Source data
* * * *
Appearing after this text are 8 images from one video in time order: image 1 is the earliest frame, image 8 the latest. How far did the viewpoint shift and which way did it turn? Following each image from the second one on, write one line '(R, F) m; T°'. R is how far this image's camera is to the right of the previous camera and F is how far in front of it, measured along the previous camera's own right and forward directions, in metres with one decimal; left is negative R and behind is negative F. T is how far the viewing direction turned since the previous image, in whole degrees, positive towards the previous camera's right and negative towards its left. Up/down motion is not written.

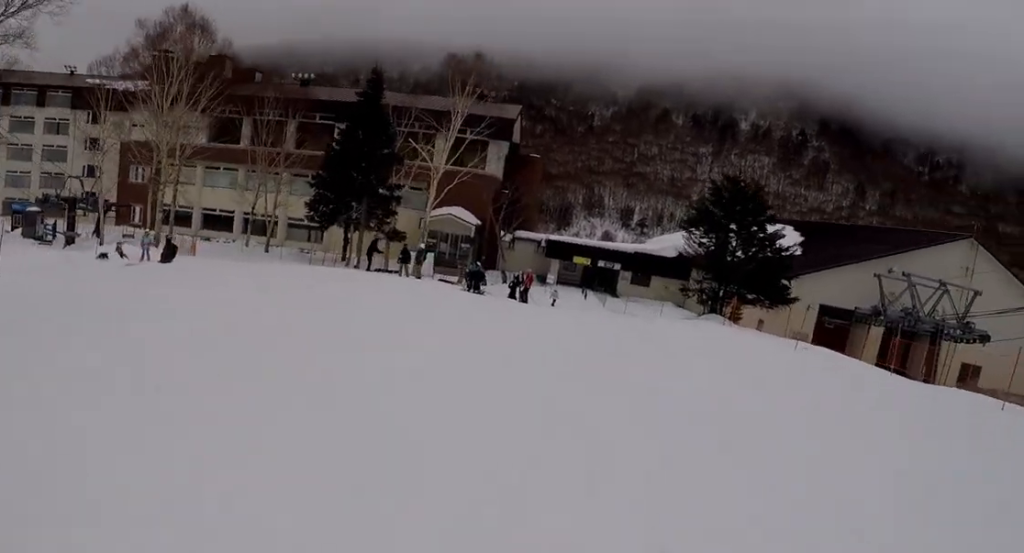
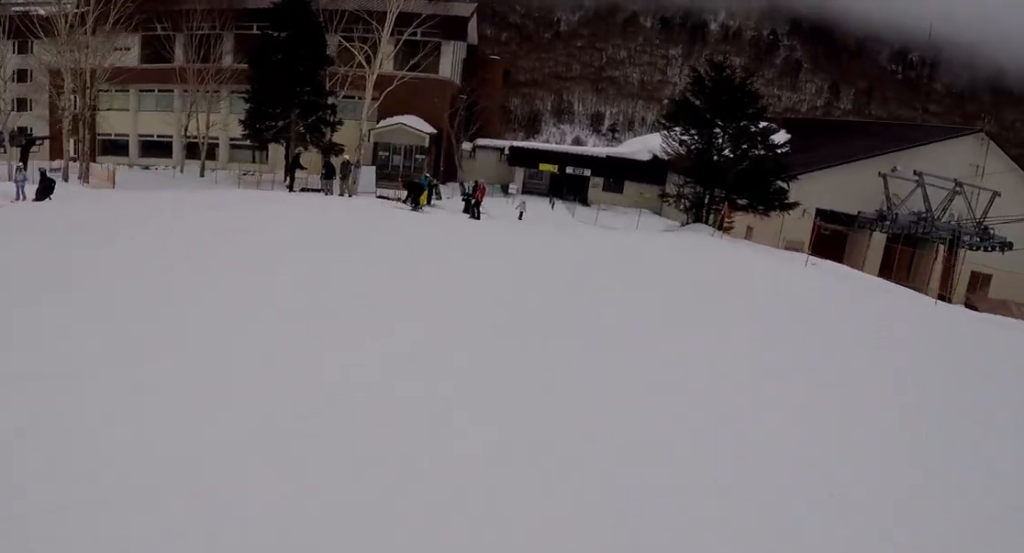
(+0.3, +4.1) m; -2°
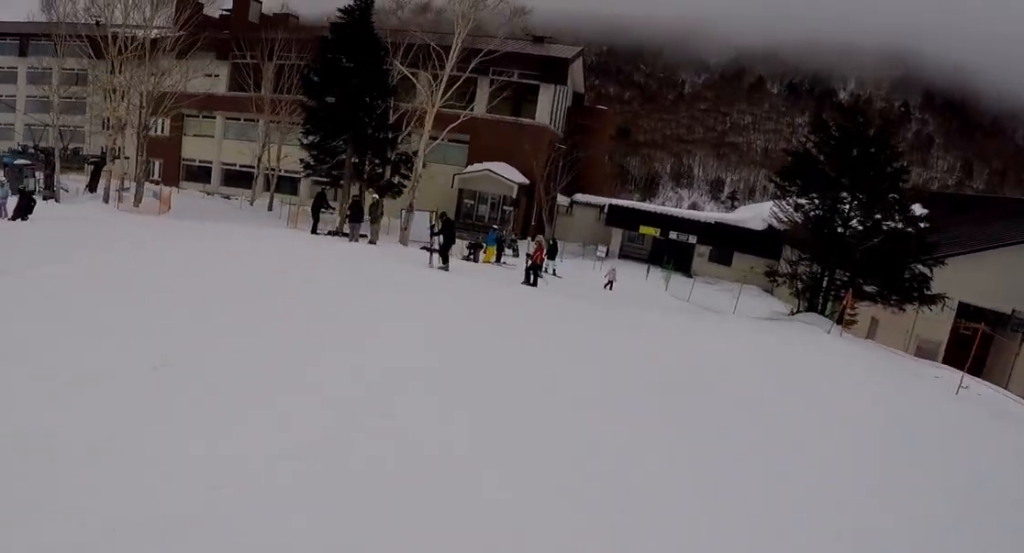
(+0.3, +4.9) m; -5°
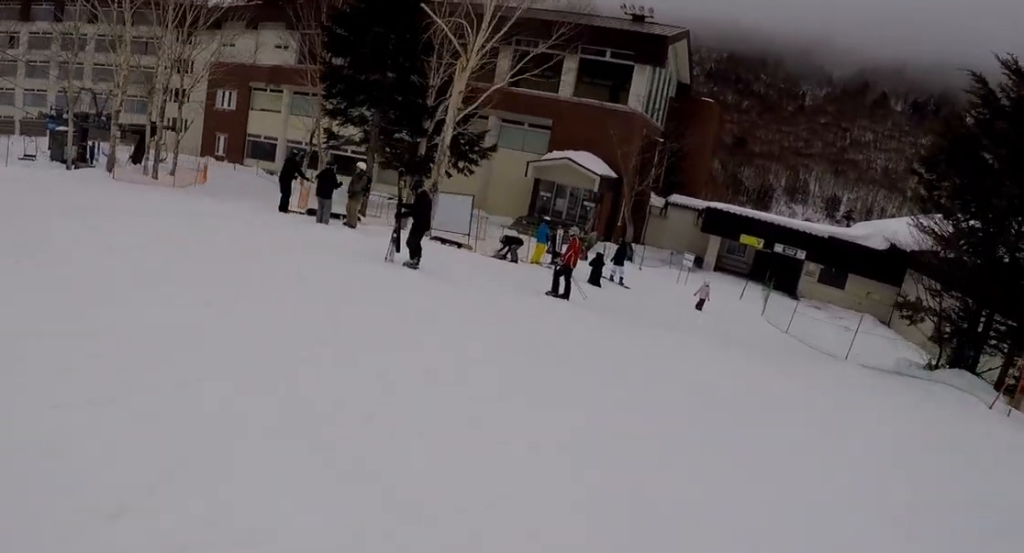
(-1.1, +5.7) m; -3°
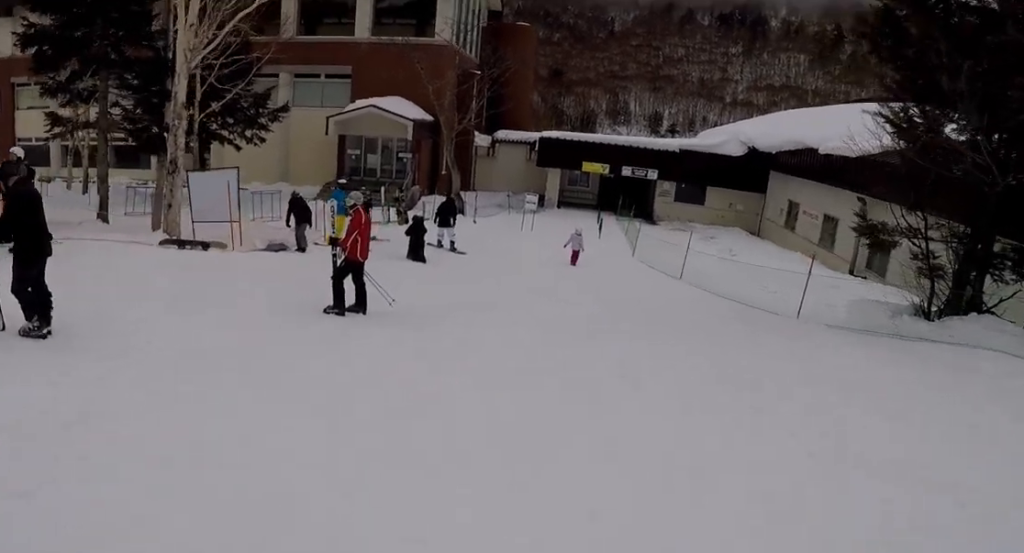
(+0.9, +6.1) m; +9°
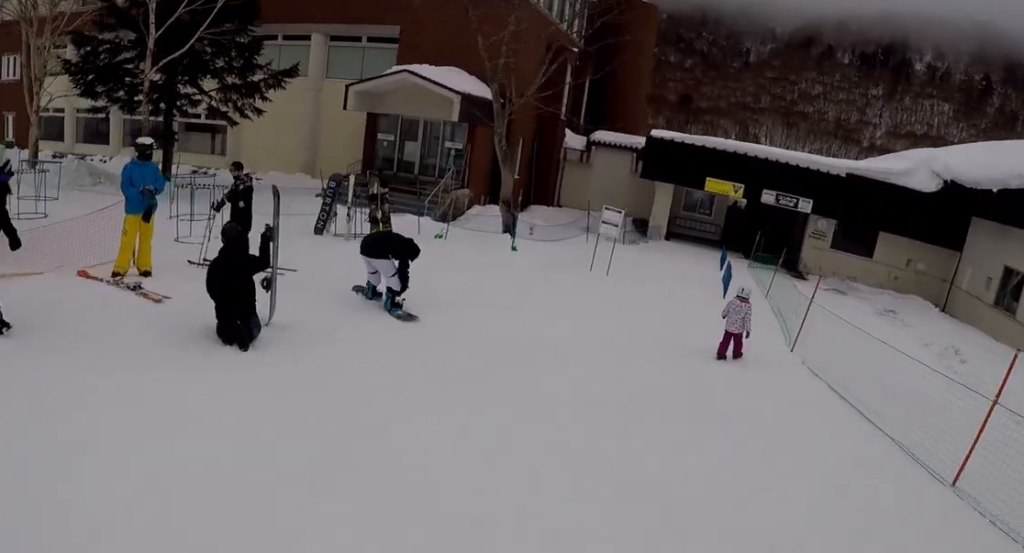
(-2.3, +10.8) m; -21°
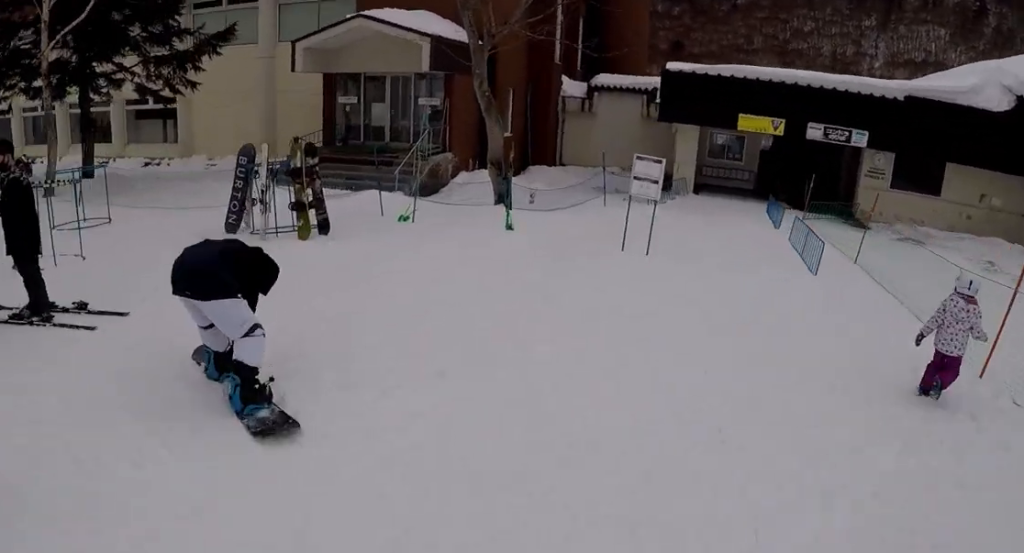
(-0.2, +4.1) m; +8°
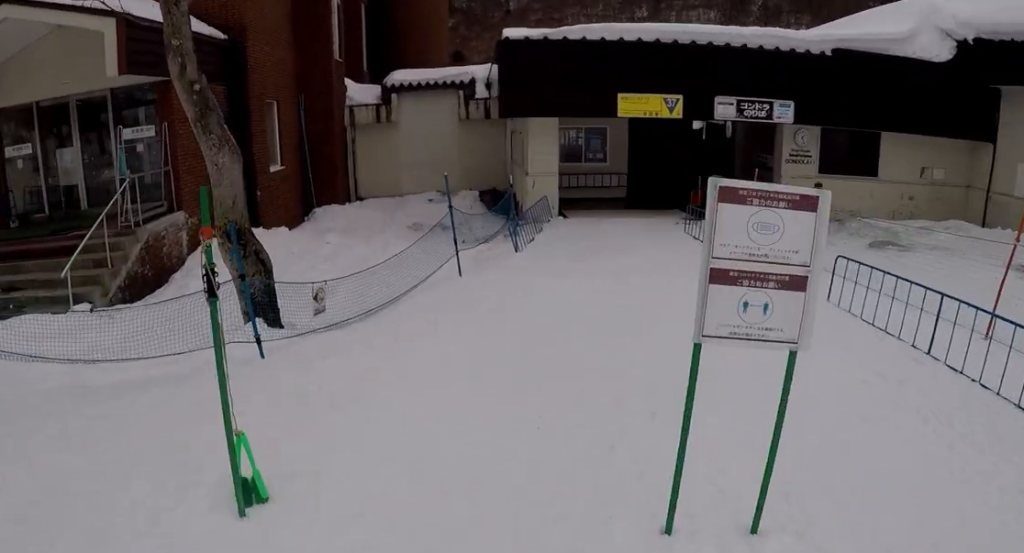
(+1.5, +5.8) m; +19°
* * * *
Exercise => Transcribe the records above exactly, without images.

Answer space =>
Appearing after this text are 8 images from one video in time order: image 1 is the earliest frame, image 8 the latest. How far did the viewpoint shift and which way did it turn? Following each image from the second one on, write one line '(R, F) m; T°'. R is how far this image's camera is to the right of the previous camera and F is how far in front of it, measured along the previous camera's own right and forward directions, in metres with one decimal; left is negative R and behind is negative F. T is how far the viewing direction turned since the previous image, in whole degrees, positive towards the previous camera's right and negative towards its left. Up/down motion is not written.

(+0.3, +4.1) m; -2°
(+0.3, +4.9) m; -5°
(-1.1, +5.7) m; -3°
(+0.9, +6.1) m; +9°
(-2.3, +10.8) m; -21°
(-0.2, +4.1) m; +8°
(+1.5, +5.8) m; +19°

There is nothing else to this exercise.